**The task**
When you reach the line with "Leading matches the" in the records below, begin transcribing exactly and continue up to and including the line with "The image shows 65", leaving out every picture.

**Entries shown**
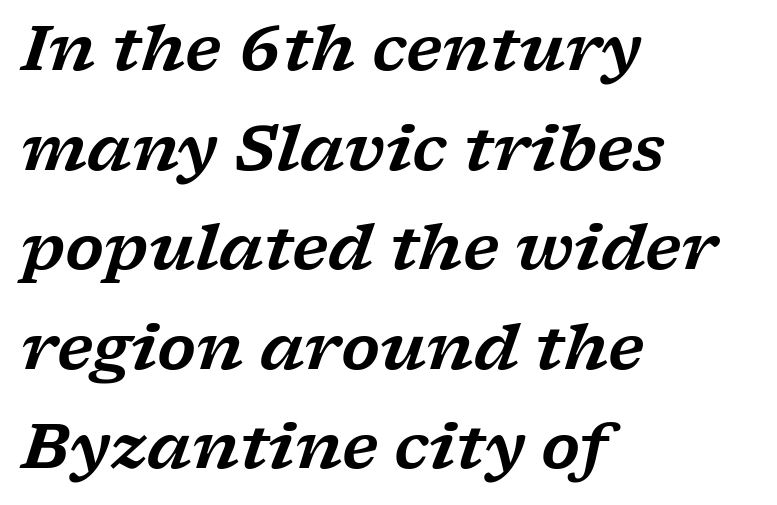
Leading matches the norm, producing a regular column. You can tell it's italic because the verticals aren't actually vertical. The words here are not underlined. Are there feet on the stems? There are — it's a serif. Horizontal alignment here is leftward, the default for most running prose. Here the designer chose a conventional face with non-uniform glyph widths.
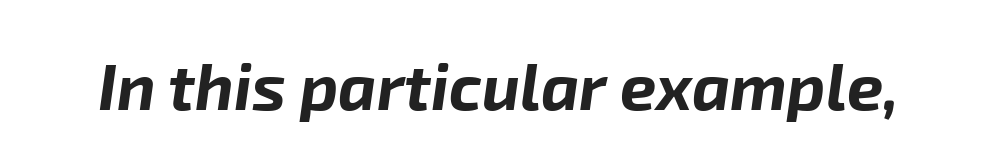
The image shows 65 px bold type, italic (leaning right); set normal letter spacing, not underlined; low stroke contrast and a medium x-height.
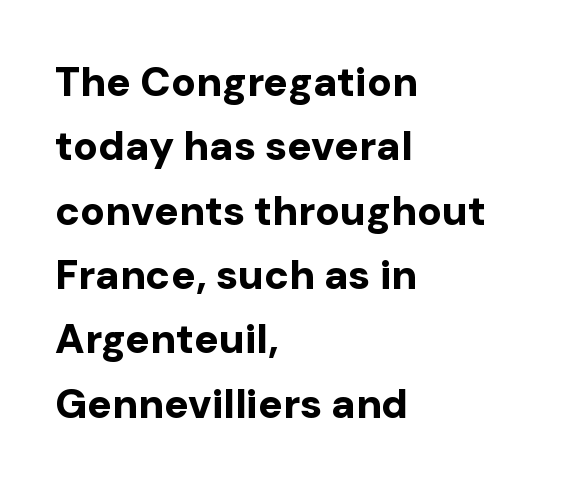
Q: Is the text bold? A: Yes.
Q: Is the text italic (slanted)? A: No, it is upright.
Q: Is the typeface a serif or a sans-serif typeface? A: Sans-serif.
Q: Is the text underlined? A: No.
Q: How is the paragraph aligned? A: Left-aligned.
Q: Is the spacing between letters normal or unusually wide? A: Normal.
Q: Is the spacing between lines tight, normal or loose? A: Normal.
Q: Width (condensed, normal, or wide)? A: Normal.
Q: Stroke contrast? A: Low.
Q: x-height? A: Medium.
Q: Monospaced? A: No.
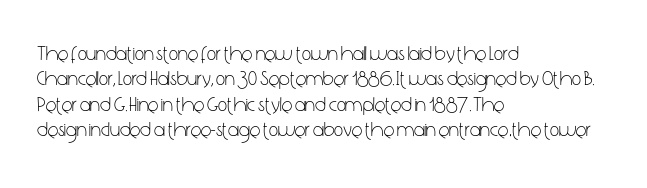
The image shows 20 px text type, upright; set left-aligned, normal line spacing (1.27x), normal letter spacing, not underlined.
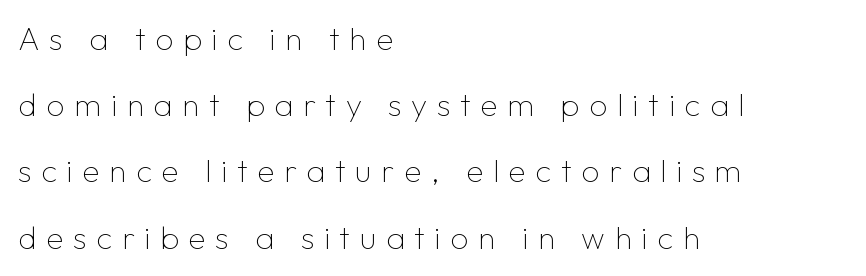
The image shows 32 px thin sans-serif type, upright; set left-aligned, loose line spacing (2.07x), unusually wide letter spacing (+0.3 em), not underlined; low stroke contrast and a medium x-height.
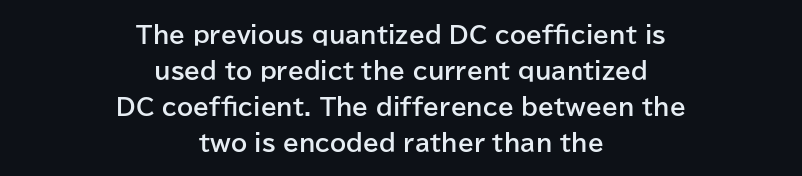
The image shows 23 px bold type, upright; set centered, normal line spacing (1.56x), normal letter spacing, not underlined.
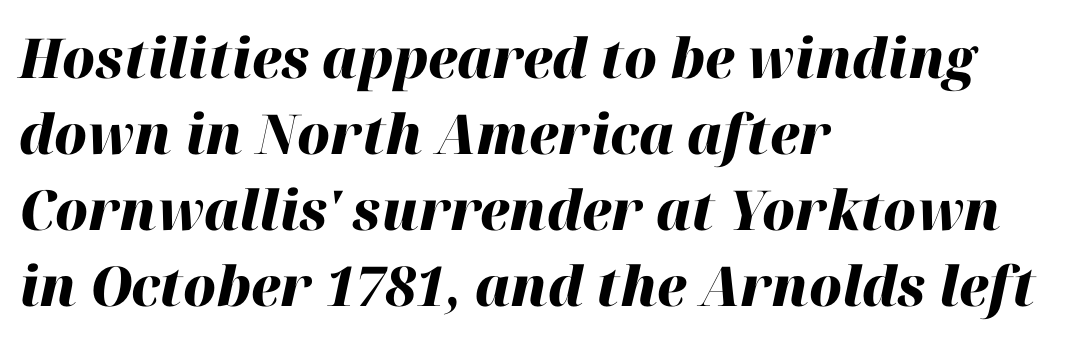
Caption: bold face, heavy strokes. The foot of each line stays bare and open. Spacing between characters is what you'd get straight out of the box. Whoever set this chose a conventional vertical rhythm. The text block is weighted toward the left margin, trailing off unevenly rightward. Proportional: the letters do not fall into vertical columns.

==

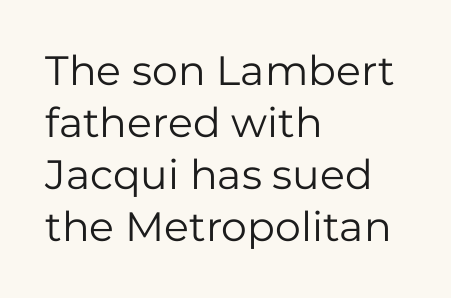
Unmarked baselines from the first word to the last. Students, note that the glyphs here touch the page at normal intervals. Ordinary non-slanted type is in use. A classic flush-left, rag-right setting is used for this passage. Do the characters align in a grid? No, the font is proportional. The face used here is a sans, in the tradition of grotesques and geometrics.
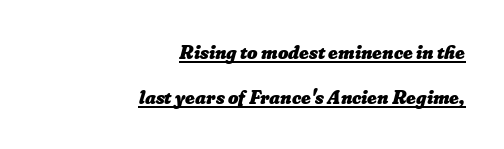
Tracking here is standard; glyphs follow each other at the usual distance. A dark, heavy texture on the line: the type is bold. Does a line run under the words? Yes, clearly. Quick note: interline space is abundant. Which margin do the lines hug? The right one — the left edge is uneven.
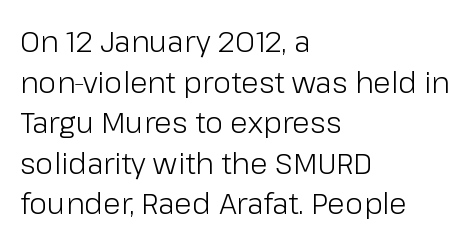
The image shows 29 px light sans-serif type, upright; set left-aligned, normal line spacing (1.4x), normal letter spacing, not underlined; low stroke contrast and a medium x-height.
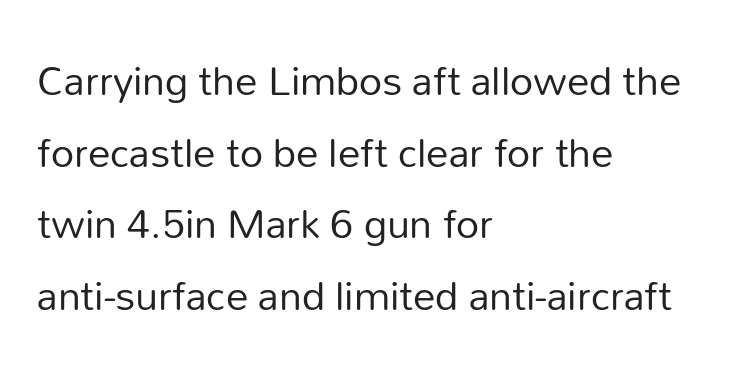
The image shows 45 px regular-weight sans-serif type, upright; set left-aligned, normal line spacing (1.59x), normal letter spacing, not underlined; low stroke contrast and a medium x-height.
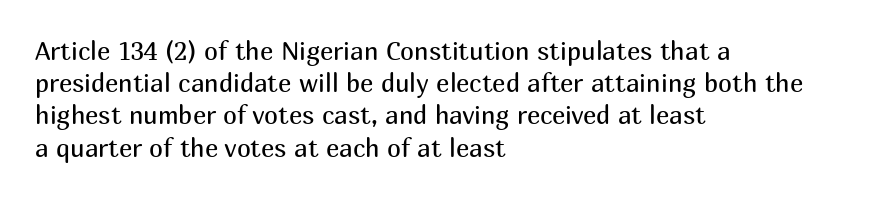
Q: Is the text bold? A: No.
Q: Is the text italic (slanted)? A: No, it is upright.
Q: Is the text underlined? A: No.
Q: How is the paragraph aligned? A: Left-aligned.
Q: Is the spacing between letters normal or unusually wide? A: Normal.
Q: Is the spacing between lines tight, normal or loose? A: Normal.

**Written answer**
Leading matches the norm, producing a regular column. You can tell it's italic because the verticals aren't actually vertical. The words here are not underlined. Are there feet on the stems? There are — it's a serif. Horizontal alignment here is leftward, the default for most running prose. Here the designer chose a conventional face with non-uniform glyph widths.
The image shows 65 px bold type, italic (leaning right); set normal letter spacing, not underlined; low stroke contrast and a medium x-height.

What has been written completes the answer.